A man who accuses the President of masterminding mass murder is taking an enormous risk: We do not have to believe his statements about fearing for his life for us to understand the danger he faces. Either he is telling the truth, or he isn’t. If he isn’t, he is either out of his mind or playing a dangerous game.
A man who confesses to killing people, and announces his participation in the murder of his own two brothers, is acting against his own interest. So he is going back on previous testimony he gave under oath at the Senate; perjury is the least of his concerns. A raft of murder cases will be waiting for him.
A man who turns his back on decades of devoted service, of what he himself described as “blind loyalty” to a politician he is closely associated with, is effectively cutting off his entire past; he is taking a turn in the road beyond which there is no possibility of return.

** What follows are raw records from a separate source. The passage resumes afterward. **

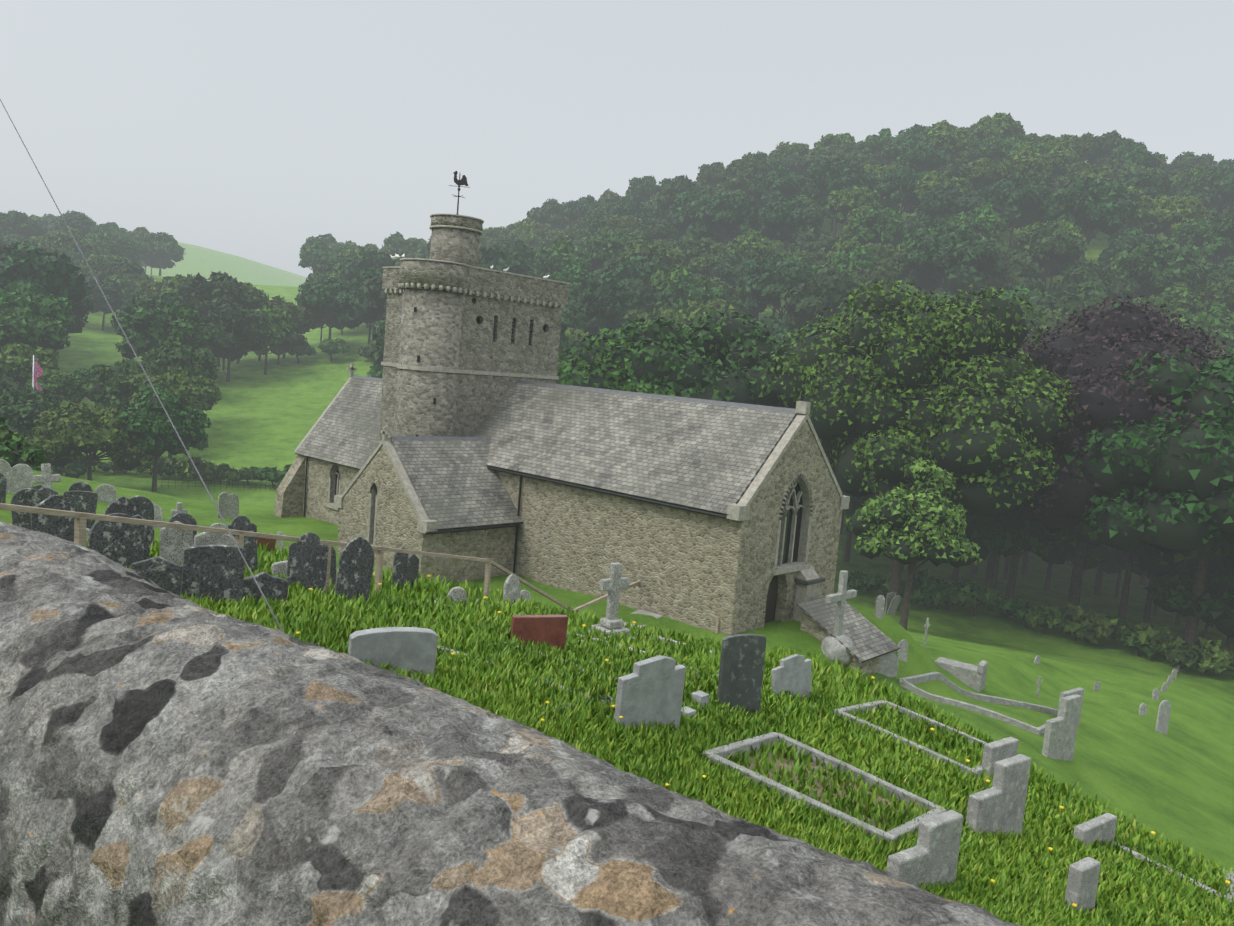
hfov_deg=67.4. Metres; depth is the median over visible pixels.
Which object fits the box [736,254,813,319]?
forest tree
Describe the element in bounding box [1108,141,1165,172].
forest tree
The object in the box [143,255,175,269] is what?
forest tree
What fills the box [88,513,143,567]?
round headstone
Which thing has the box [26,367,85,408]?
forest tree
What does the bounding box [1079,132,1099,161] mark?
forest tree
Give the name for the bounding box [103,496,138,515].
gothic headstone
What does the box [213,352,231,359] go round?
forest tree
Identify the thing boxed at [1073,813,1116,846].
headstone block
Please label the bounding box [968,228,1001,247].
forest tree
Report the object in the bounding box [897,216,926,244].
forest tree
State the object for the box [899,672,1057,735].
grave kerb
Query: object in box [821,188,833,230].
forest tree
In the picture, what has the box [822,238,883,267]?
forest tree
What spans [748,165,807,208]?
forest tree
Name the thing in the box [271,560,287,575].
headstone camber
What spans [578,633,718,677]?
kerb cross grave
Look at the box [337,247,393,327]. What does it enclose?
forest tree
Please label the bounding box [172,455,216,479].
hedge bush
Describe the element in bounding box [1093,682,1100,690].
headstone block
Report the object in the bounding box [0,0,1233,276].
sky
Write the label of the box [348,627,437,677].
headstone camber
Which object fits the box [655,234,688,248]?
forest tree
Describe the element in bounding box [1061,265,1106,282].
forest tree
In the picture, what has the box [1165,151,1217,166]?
forest tree
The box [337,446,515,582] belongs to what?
transept walls
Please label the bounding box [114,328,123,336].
forest tree
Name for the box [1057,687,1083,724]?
headstone block
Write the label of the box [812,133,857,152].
forest tree
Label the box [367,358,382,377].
field tree
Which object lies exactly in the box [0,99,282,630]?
stay wire
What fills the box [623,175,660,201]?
forest tree
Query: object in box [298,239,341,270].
forest tree
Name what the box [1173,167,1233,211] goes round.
forest tree
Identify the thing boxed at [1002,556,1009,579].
forest tree
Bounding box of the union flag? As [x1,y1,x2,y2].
[33,357,42,390]
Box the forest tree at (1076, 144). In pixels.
[1049,134,1093,158]
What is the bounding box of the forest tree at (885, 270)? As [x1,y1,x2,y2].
[843,258,902,289]
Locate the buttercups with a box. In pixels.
[296,575,1229,910]
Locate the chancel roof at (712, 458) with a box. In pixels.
[468,383,797,515]
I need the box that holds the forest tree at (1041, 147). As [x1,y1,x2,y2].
[1005,139,1050,158]
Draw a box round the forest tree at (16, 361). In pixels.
[0,342,59,387]
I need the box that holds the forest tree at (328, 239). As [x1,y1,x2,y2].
[300,233,342,262]
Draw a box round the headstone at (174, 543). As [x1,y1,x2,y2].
[160,521,192,564]
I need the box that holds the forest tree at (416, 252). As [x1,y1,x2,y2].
[406,249,425,257]
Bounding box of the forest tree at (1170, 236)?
[1163,216,1197,241]
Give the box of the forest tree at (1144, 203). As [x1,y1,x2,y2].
[1097,185,1153,233]
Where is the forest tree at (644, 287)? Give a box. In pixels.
[629,279,656,301]
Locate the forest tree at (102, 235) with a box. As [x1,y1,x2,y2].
[85,230,115,241]
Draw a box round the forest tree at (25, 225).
[0,211,47,239]
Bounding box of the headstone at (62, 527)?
[30,496,74,541]
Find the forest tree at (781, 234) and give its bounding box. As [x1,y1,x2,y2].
[774,199,824,242]
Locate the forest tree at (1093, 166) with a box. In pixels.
[1059,163,1102,177]
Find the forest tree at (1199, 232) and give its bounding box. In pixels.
[1179,217,1233,262]
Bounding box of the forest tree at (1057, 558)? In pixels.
[1006,552,1069,595]
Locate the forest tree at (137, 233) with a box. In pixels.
[128,227,155,268]
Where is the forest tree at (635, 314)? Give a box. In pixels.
[624,304,677,326]
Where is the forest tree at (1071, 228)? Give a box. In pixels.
[1018,219,1087,282]
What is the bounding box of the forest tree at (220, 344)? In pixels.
[199,311,249,361]
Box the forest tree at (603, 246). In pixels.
[583,229,629,271]
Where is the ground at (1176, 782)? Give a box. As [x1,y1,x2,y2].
[0,176,1233,914]
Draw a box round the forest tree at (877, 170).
[862,162,897,197]
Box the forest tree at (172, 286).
[159,274,207,299]
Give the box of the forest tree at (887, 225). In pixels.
[848,207,907,247]
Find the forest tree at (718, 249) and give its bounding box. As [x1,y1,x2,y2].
[710,242,729,255]
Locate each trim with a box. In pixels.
[274,456,340,517]
[381,213,569,436]
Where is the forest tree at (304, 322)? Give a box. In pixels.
[269,295,314,358]
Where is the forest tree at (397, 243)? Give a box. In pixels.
[381,231,420,255]
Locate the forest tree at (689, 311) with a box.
[657,304,724,330]
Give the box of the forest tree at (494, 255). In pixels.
[479,244,530,275]
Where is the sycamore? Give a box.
[760,278,1078,610]
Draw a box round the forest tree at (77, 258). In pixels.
[60,250,90,270]
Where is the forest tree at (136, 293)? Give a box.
[117,289,144,311]
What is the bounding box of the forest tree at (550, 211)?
[526,199,568,229]
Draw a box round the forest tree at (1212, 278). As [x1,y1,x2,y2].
[1141,260,1217,293]
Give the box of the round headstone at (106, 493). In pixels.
[95,484,116,502]
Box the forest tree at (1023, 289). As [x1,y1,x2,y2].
[992,285,1032,308]
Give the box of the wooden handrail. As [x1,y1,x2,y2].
[0,503,719,632]
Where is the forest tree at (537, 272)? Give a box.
[526,264,549,277]
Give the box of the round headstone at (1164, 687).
[1161,682,1167,691]
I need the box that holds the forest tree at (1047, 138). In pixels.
[1035,134,1086,161]
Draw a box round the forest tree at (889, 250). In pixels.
[868,242,901,261]
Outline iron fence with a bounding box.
[157,479,279,490]
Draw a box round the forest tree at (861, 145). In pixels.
[848,140,892,164]
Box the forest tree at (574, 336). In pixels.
[565,327,602,344]
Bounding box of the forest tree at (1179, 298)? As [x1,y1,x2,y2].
[1131,282,1209,319]
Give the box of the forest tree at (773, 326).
[738,315,792,335]
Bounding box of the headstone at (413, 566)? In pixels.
[406,554,418,586]
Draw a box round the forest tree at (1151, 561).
[1131,547,1194,622]
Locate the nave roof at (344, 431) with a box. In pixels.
[295,378,381,469]
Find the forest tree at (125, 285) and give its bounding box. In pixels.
[102,274,142,296]
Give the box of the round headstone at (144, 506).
[129,496,153,545]
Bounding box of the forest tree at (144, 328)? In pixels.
[113,303,214,358]
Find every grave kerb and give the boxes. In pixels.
[439,647,593,721]
[702,732,946,843]
[834,700,986,776]
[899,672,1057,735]
[1114,841,1233,904]
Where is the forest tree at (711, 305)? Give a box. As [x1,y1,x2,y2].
[682,298,746,323]
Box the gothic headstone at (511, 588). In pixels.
[503,574,520,602]
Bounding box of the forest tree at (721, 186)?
[710,181,732,192]
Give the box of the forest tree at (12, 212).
[3,210,17,214]
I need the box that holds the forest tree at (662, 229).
[625,219,678,242]
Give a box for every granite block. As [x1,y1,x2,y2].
[681,706,695,717]
[691,690,708,708]
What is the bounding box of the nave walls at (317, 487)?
[298,455,358,525]
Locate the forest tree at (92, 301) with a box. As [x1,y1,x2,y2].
[82,292,96,319]
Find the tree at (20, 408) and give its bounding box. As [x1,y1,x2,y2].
[0,385,60,439]
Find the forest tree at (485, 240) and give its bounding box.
[480,234,496,248]
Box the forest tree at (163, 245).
[141,232,186,275]
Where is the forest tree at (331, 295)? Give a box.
[294,277,365,354]
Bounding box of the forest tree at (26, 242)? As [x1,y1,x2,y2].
[2,239,48,253]
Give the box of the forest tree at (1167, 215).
[1136,194,1210,238]
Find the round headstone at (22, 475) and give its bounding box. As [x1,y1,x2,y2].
[9,464,33,492]
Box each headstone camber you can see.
[50,495,62,499]
[63,490,97,528]
[180,545,245,604]
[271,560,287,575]
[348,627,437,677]
[717,634,766,714]
[885,592,895,613]
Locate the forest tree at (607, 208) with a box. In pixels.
[602,201,626,214]
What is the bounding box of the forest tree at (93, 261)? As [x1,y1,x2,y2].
[78,255,114,310]
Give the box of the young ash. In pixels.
[845,457,982,630]
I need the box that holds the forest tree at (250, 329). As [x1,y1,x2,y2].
[200,302,269,381]
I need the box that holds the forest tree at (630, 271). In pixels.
[597,254,669,286]
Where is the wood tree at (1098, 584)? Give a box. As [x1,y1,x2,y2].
[1093,565,1102,595]
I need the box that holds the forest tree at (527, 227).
[509,218,548,241]
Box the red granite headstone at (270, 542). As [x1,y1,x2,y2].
[257,533,275,551]
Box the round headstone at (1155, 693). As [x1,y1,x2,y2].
[1152,688,1159,700]
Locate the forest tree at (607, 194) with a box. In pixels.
[598,188,624,202]
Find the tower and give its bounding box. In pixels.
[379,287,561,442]
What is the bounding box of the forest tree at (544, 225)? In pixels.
[522,217,552,241]
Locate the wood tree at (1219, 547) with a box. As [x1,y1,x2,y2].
[1207,534,1233,650]
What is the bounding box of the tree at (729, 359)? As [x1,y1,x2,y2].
[582,306,789,406]
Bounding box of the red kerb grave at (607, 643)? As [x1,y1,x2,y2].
[504,632,698,678]
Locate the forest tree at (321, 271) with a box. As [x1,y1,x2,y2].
[305,260,337,284]
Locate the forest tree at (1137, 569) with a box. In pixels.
[1124,556,1199,625]
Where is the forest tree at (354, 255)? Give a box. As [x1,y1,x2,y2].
[337,246,368,259]
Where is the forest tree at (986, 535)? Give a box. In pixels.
[959,504,1074,610]
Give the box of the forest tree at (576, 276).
[545,260,598,302]
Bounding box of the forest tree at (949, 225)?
[944,221,982,237]
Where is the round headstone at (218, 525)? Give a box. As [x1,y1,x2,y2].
[210,523,225,528]
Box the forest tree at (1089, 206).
[1042,176,1138,259]
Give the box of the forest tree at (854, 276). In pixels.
[813,268,862,282]
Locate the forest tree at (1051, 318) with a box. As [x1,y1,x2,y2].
[1035,308,1081,337]
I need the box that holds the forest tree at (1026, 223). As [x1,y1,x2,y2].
[1015,217,1048,238]
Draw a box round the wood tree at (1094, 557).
[1067,543,1135,570]
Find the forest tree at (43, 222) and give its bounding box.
[37,218,49,231]
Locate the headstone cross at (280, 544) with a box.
[277,531,285,550]
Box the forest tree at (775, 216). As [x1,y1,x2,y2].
[758,195,822,252]
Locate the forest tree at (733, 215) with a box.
[686,190,760,244]
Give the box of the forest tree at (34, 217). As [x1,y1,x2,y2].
[29,214,51,221]
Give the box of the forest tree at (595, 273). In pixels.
[591,270,599,275]
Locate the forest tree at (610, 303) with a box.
[577,280,646,336]
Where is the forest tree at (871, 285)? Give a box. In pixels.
[857,280,883,290]
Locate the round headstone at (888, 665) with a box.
[878,652,897,676]
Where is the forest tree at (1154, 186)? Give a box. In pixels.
[1111,170,1175,230]
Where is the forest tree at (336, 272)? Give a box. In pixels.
[327,262,343,278]
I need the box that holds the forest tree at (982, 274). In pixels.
[938,270,998,300]
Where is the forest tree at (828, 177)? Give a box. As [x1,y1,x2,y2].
[804,158,877,236]
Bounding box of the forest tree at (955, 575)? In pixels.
[951,566,959,581]
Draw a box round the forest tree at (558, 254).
[533,238,591,272]
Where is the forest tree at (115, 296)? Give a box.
[88,280,130,329]
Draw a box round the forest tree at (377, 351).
[368,317,385,365]
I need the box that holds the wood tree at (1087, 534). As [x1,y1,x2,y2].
[1071,522,1201,620]
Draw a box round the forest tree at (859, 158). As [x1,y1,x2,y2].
[831,150,866,164]
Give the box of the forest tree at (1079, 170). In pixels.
[1056,161,1114,188]
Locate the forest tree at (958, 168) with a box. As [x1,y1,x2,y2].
[938,158,985,190]
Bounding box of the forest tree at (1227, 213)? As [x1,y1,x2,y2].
[1201,204,1233,262]
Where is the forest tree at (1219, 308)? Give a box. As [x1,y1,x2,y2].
[1194,301,1233,332]
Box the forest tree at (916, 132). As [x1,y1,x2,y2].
[893,123,930,141]
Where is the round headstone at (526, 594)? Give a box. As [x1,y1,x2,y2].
[521,590,530,601]
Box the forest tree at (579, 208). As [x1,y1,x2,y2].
[563,194,602,221]
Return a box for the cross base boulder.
[820,634,852,665]
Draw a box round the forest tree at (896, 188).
[873,165,926,215]
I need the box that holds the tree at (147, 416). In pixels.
[115,382,211,491]
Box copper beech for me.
[1012,292,1230,605]
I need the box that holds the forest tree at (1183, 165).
[1164,158,1193,174]
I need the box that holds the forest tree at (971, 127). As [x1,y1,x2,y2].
[953,122,977,151]
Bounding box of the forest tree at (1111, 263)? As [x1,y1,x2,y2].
[1105,250,1141,285]
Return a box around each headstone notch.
[614,655,685,729]
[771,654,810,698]
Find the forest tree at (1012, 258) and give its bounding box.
[1000,249,1045,288]
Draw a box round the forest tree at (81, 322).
[46,287,88,333]
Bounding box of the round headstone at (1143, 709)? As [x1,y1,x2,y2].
[1139,703,1146,715]
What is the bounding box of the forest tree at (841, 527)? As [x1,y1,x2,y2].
[840,509,843,534]
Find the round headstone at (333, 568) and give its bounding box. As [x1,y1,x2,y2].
[330,546,335,584]
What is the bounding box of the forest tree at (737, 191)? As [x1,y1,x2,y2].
[731,189,760,208]
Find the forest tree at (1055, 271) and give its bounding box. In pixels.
[1039,254,1081,290]
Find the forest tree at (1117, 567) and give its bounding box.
[1067,557,1125,597]
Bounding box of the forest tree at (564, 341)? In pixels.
[559,316,574,349]
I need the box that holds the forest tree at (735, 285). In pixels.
[732,280,780,319]
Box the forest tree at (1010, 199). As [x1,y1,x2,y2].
[977,172,1052,247]
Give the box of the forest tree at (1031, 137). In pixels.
[1024,131,1039,141]
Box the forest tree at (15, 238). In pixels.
[0,233,25,243]
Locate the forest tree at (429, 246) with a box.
[424,236,485,258]
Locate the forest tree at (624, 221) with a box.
[605,214,642,231]
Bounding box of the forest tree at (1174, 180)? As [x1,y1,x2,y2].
[1167,170,1200,185]
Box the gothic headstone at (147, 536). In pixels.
[132,514,150,559]
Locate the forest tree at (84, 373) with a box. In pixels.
[71,364,100,407]
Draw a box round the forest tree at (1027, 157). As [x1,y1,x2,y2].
[1002,144,1052,174]
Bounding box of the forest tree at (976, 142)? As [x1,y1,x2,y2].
[968,135,998,163]
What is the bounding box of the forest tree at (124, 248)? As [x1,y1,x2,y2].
[94,236,140,260]
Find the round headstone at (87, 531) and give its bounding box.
[86,528,89,540]
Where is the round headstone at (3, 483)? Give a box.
[0,473,6,503]
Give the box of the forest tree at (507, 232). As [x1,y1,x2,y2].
[503,228,513,241]
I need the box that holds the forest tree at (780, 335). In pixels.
[769,323,823,360]
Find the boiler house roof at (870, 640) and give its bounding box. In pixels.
[796,597,899,662]
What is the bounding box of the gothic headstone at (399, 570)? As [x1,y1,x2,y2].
[391,546,407,587]
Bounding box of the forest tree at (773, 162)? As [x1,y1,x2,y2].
[753,151,782,173]
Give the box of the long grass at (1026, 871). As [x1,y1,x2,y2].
[86,535,1233,925]
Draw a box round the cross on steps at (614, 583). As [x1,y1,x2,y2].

Should we ignore the man because he is lying? Should we decline to play his game—whatever it is, whether it is to extort a fortune or lay the groundwork for a political plan? Should we silence him, because his accusation, if proven true, can lead to impeachment and conviction?
None of the above. In the first place, we need to test the veracity of his statements. How do we know he is in fact lying? How do we determine whether he is in fact playing a high-stakes game? How do we verify his accusation, if in fact he is telling the truth? Secondly: We cannot let pompous senators substitute their politically predetermined conclusions for our own fact-finding. That the man has taken serious risks should tell us that he is, at least, worth listening to.
We should force him to reduce his statements to formal charges, to speak under oath, to prove his accusation.
The courts are the proper venue for such an accuser—but so are the chambers of Congress. The Senate, in particular, has used its power to conduct investigations in aid of legislation to probe into sensational crimes, including the illegal numbers game jueteng, the fertilizer fund scam, and the wave of extrajudicial killings. If the Senate should pass up the chance to help determine the truth of the situation, it will have fallen drastically short of its traditional role—and for what reason?
Recently retired SPO3 Arthur Lascañas enjoyed a formidable reputation in Davao City as someone close to the mayor. Edgar Matobato, who claims he is an original member of the so-called Davao Death Squad, testified in the Senate that Lascañas was the man in charge of the DDS, or that at least he took most of his orders from him.
In his first appearance at the Senate, Lascañas denied the existence of the DDS and his alleged role in it. Now he has gone back on all that. He now asserts that the DDS does in fact exist, and that he took part in the killings. He is waiting for the Senate to call him back, so he can testify under oath.
Political allies of the President like Sen. Dick Gordon will fear that the mere conduct of an inquiry will already be politically damaging; that is a risk. But it isn’t easy to sever ties with the most powerful man in the country; Lascañas has turned his life upside down. The Senate should take that into consideration, and hear the man out.
Desperate times call for desperate measures, and sometimes desperate measures include desperate lies. Presidential Communications Secretary Martin Andanar foolishly impugned the integrity of Senate reporters on Monday when he passed along information he said he received claiming that the Senate press corps had received $1,000 for reporting on the Lascañas news conference.
This is absurd on its face; no idiot would pay any amount of money when the very conditions lend themselves to a news event: A former policeman accusing the President of conspiracy to commit murder, right inside the Senate. It is also absurd any other way you look at it. There was no bribe money, period. In the face of Arthur Lascañas’ revelations, Andanar had no proof, only speculation. He should apologize.